▶ **WHAT THE EXERCISE ASKS**: Keep to the lines from the one with "Image captured 4.5 s after image 1." through the end of the data, and write them out exactly.

▶ **RECORDS SHOWN**:

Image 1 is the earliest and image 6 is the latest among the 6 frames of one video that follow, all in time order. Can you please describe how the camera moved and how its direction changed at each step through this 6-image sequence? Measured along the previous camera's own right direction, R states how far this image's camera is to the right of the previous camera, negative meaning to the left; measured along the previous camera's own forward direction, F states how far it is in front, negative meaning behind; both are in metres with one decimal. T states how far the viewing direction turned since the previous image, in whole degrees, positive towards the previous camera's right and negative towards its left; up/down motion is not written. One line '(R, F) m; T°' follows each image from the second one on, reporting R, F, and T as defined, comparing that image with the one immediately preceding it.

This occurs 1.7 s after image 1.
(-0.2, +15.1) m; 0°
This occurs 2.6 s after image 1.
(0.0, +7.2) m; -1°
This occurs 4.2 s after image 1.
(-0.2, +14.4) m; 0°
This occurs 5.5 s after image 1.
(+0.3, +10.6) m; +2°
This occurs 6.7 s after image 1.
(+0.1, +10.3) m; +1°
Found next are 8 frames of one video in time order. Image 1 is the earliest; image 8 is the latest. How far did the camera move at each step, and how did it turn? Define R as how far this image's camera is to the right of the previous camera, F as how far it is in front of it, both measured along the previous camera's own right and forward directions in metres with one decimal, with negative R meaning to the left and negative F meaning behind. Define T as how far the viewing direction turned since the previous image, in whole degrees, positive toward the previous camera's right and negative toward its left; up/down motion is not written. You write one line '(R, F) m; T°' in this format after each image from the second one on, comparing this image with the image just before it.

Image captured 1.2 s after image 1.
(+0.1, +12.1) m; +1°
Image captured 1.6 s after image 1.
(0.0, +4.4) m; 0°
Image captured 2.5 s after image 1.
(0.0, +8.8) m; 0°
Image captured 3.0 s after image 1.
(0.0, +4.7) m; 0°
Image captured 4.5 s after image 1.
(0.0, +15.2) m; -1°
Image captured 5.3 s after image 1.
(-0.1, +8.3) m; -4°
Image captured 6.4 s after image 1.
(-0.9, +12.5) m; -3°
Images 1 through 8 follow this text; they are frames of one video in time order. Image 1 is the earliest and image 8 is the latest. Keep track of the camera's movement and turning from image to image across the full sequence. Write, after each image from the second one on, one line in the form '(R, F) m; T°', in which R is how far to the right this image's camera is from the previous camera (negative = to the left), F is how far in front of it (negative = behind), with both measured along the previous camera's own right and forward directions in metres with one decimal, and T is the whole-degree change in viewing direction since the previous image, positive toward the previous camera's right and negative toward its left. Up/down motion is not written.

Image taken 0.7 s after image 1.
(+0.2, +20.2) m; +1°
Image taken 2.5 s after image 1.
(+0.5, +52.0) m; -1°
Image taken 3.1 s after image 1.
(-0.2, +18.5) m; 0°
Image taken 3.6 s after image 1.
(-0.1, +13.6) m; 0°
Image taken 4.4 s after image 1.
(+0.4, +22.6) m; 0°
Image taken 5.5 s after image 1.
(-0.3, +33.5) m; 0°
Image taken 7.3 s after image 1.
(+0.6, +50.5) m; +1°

▶ **SOLUTION FOR THIS PROBLEM**:
Image captured 4.5 s after image 1.
(0.0, +15.2) m; -1°
Image captured 5.3 s after image 1.
(-0.1, +8.3) m; -4°
Image captured 6.4 s after image 1.
(-0.9, +12.5) m; -3°
Images 1 through 8 follow this text; they are frames of one video in time order. Image 1 is the earliest and image 8 is the latest. Keep track of the camera's movement and turning from image to image across the full sequence. Write, after each image from the second one on, one line in the form '(R, F) m; T°', in which R is how far to the right this image's camera is from the previous camera (negative = to the left), F is how far in front of it (negative = behind), with both measured along the previous camera's own right and forward directions in metres with one decimal, and T is the whole-degree change in viewing direction since the previous image, positive toward the previous camera's right and negative toward its left. Up/down motion is not written.

Image taken 0.7 s after image 1.
(+0.2, +20.2) m; +1°
Image taken 2.5 s after image 1.
(+0.5, +52.0) m; -1°
Image taken 3.1 s after image 1.
(-0.2, +18.5) m; 0°
Image taken 3.6 s after image 1.
(-0.1, +13.6) m; 0°
Image taken 4.4 s after image 1.
(+0.4, +22.6) m; 0°
Image taken 5.5 s after image 1.
(-0.3, +33.5) m; 0°
Image taken 7.3 s after image 1.
(+0.6, +50.5) m; +1°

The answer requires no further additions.